Elvira Presta, ex-CFO da Eletrobras e atual conselheira fiscal da Gerdau e da Embraer
Elvira Presta, ex-CFO da Eletrobras e atual conselheira fiscal da Gerdau e da Embraer

O famoso ditado que diz: ‘quem vê cara não vê coração’ parece fazer todo sentido para Elvira Cavalcanti Presta, a mulher por trás da privatização da Eletrobras. Durante os seis anos em que esteve na empresa, passando pelo cargo de conselheira independente até CFO, a executiva encontrou muitas amarras para conseguir concretizar aquela que ficou conhecida como uma das maiores desestatização do país.

“Foi uma experiência riquíssima, que transformou a minha carreira. Eu tinha construído uma carreira no setor privado, passei 25, 26 anos dentro dessas empresas, de diferentes de setores. Não foi um movimento, digamos, natural e planejado, mas a oportunidade surgiu e se você não aproveitar ela pode não voltar”, afirmou Elvira.

Para a executiva, a Eletrobras tinha uma série de assuntos que só ela possuía, como negociar a energia de Itaipu do lado brasileiro, usinas nucleares e empréstimos compulsórios, por exemplo. “Essas coisas eu precisava entender para saber como isso refletia nas demonstrações financeiras. Na época, a gente recebia muito feedback, até crítica, de que o balanço da Eletrobras era complicado demais, difícil de entender. Essa foi provavelmente uma das maiores complexidades que eu enfrentei”, conta.

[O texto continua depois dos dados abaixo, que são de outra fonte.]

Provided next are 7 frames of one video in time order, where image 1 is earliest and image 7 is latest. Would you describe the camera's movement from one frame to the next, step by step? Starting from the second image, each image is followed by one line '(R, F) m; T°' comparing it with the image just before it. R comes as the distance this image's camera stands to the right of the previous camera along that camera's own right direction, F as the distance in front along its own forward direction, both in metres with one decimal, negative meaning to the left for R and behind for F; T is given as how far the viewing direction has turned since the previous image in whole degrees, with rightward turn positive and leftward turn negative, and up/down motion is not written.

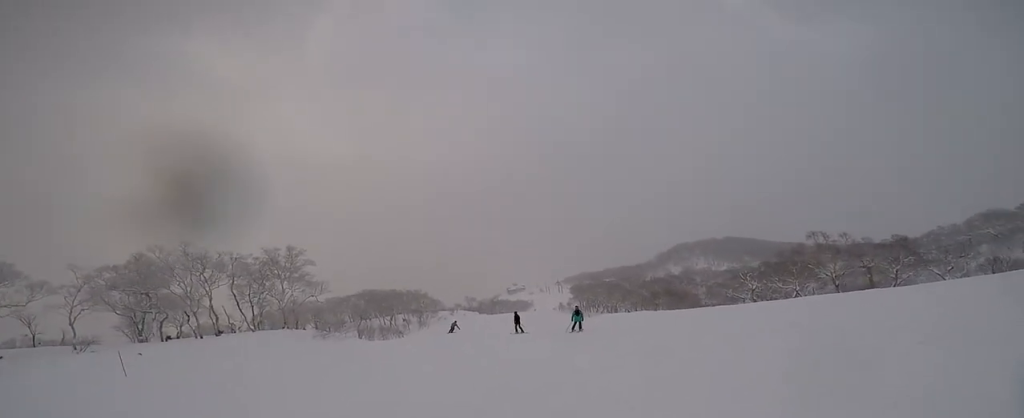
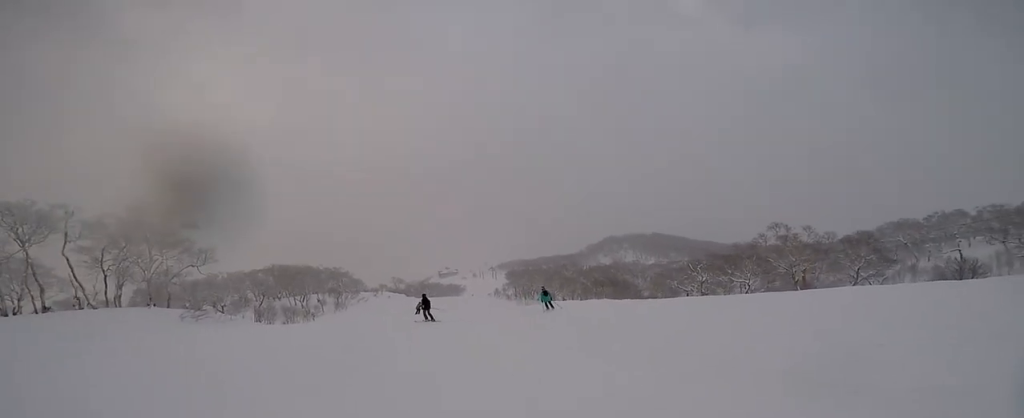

Além da Eletrobras, que foi um momento marcante na sua carreira, Elvira, que conversou por quase uma hora com a Capital Aberto, ainda relatou como vê o papel do CFO em meio a tanta tecnologia, o atual momento do mercado de capitais, além de suas funções em conselhos fiscais e de auditoria em empresas como Gerdau, Embraer e Copa Energia.

Eletrobras, “Foi um processo muito truculento, mas conseguimos entregar a privatização da Eletrobras”, Capital Aberto

O mercado de capitais passa por um momento de grande volatilidade. Como você tem visto?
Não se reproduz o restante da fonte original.